Introduction: Recombinant human activated protein C (rhAPC) is the first drug for which a reduction of mortality in severe sepsis has been demonstrated. However, the mechanism by which this reduction in mortality is achieved is still not clearly defined. The aim of the present study was to evaluate the dynamics of the anticoagulant, anti-inflammatory and pro-fibrinolytic action of rhAPC in patients with severe sepsis, by comparing rhAPC-treated patients with case controls.

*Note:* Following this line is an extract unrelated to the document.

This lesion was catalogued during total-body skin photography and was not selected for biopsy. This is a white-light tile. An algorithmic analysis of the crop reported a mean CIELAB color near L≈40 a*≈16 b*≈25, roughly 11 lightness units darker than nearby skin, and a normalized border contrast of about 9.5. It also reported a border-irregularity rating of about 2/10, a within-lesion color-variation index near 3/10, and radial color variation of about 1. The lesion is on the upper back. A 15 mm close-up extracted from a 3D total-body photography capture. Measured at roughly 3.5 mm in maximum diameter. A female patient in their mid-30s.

Methods: In this prospectively designed multicenter case control study, 12 patients who were participating in the ENHANCE study, an open-label study of rhAPC in severe sepsis, were treated intravenously with rhAPC at a constant rate of 24 microg/kg/h for a total of 96 h. Twelve controls with severe sepsis matching the inclusion criteria received standard therapy. The treatment was started within 48 h after the onset of organ failure. Blood samples were taken before the start of the infusion and at 4, 8, 24, 48, 96 and 168 h, for determination of parameters of coagulation and inflammation.

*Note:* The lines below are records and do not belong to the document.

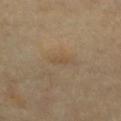Case summary:
- notes — imaged on a skin check; not biopsied
- acquisition — ~15 mm tile from a whole-body skin photo
- patient — approximately 60 years of age
- size — about 2.5 mm
- location — the chest
- lighting — cross-polarized illumination
- TBP lesion metrics — border irregularity of about 2.5 on a 0–10 scale; an automated nevus-likeness rating near 0 out of 100 and a detector confidence of about 95 out of 100 that the crop contains a lesion

Results: Sepsis-induced thrombin generation as measured by thrombin-antithrombin complexes and prothrombin fragment F1+2, was reset by rhAPC within the first 8 h of infusion. The administration of rhAPC did not influence parameters of fibrinolysis and inflammation. There was no difference in outcome or occurrence of serious adverse events between the treatment group and the control group.

Conclusion: Sepsis-induced thrombin generation in severely septic patients is reset by rhAPC within the first 8 h of infusion without influencing parameters of fibrinolysis and inflammation.

Figure 1

Levels of TAT and F1+2. Plasma levels of (a) TAT and (b) F1+2 in the rhAPC group (▴) and the control group (○). Data represent mean ± SD. F1+2, prothrombin fragment F1+2; rhAPC, recombinant human activated protein C; TAT, thrombin-antithrombin complexes.

Figure 2

Levels of protein C and protein C inhibitor. Plasma levels of (a) protein C and (b) protein C inhibitor in the rhAPC group (▴) and the control group (○). The levels of protein C and protein C inhibitor are expressed as the percentage of the level measured in normal pool plasma. Data represent mean ± SD. rhAPC, recombinant human activated protein C.

Figure 3

Levels of total and free protein S. Plasma levels of (a) total protein S and (b) free protein S in the rhAPC group (▴) and the control group (○). The levels of total protein S are expressed as the percentage of the level measured in normal pool plasma. The levels of free protein S are expressed as a percentage of total protein S. Data represent mean ± SD. rhAPC, recombinant human activated protein C.

Figure 4

Fibrinolysis. Plasma levels of (a) D-dimer, (b) PAP and (c)TAFI-Ag in the rhAPC group (▴) and the control group (○). TAFI levels are expressed as the percentage of the level measured in normal pool plasma. Data represent mean ± SD. PAP, plasmin-antiplasmin complexes; TAFI-Ag, thrombin-activatable fibrinolysis inhibitor antigen; rhAPC, recombinant human activated protein C.

Figure 5

Cytokines. Plasma levels of (a) TNF-alpha, (b) IL-6 and (c) IL-10 in the rhAPC group (▴) and the control group (○). Assay detection limits were 3.0 pg/ml for TNF-alpha, 0.6 pg/ml for IL-6 and 1.2 pg/ml for IL-10. Data represent mean ± SD. IL, interleukin; rhAPC, recombinant human activated protein C; TNF, tumor necrosis factor.